Studio album by Andrew Bird
- Released: 1996
- Recorded: August 1996
- Studio: Lakeside Studio
- Length: 55:44
- Label: Self-released; re-released on Grimsey Records and Wegawam Music
- Producer: Andrew Bird

Andrew Bird chronology
|  | Music of Hair (1996) | Thrills (1998) |

= Music of Hair =

Music of Hair is the debut studio album by the American singer-songwriter Andrew Bird, released in 1996. The tracks featured were written in Bird's early twenties, and the album was released when he was 23. The album features contributions from musicians Colin Bunn, Dave Dieckmann, Kat Eggleston, Al Ehrich, Kevin O'Donnell; and, James "Jimbo" Mathus, Katharine Whalen and Chris Phillips from Squirrel Nut Zippers.

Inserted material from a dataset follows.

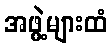
အဖွဲ့များထံ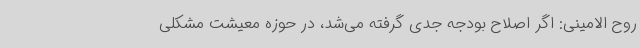
روح الامینی: اگر اصلاح بودجه جدی گرفته می‌شد، در حوزه معیشت مشکلی

The title of the album is a reference to Galway Kinnell's poem, "Wait". This poem is also used for the lyrics in the song "Wait," on the album Oh! The Grandeur.

==Track listing==

| No. | Title | Writer(s) | Length |
|---|---|---|---|
| 1. | "Nuthinduan Waltz" | melody: Traditional; lyrics: Andrew Bird | 4:58 |
| 2. | "Ambivalence Waltz" |  | 2:27 |
| 3. | "Oh So Insistent" |  | 3:52 |
| 4. | "Rhodéàöh" |  | 4:41 |
| 5. | "Two Sisters" | theme: Traditional; music and lyrics: Andrew Bird | 4:17 |
| 6. | "St. Francis Reel" |  | 3:08 |
| 7. | "Ratitat/Peter's Wolf/Oblivious Reel" | "Ratitat" - Traditional | 5:17 |
| 8. | "The Greenhorn/Exile of Erin/Glasgow Reel" | "Exile of Erin" and "Glasgow Reel" - Traditional | 4:15 |
| 9. | "Pathetique" | text: "Ich Grolle Nicht" - Heinrich Heine; music: Andrew Bird | 4:07 |
| 10. | "Song of Foot" | "Feet of Mad Shak Dance" - Kevin O'Donnell | 2:55 |
| 11. | "Minor Beatrice" | "Danse Juba" passage - Traditional; string quartet passage - Maurice Ravel | 9:58 |
| 12. | "Oh So Sad" |  | 5:49 |

==Other appearances==

- Re-recorded versions of the songs "Nuthinduan Waltz" and "Pathetique" are found on the album Thrills.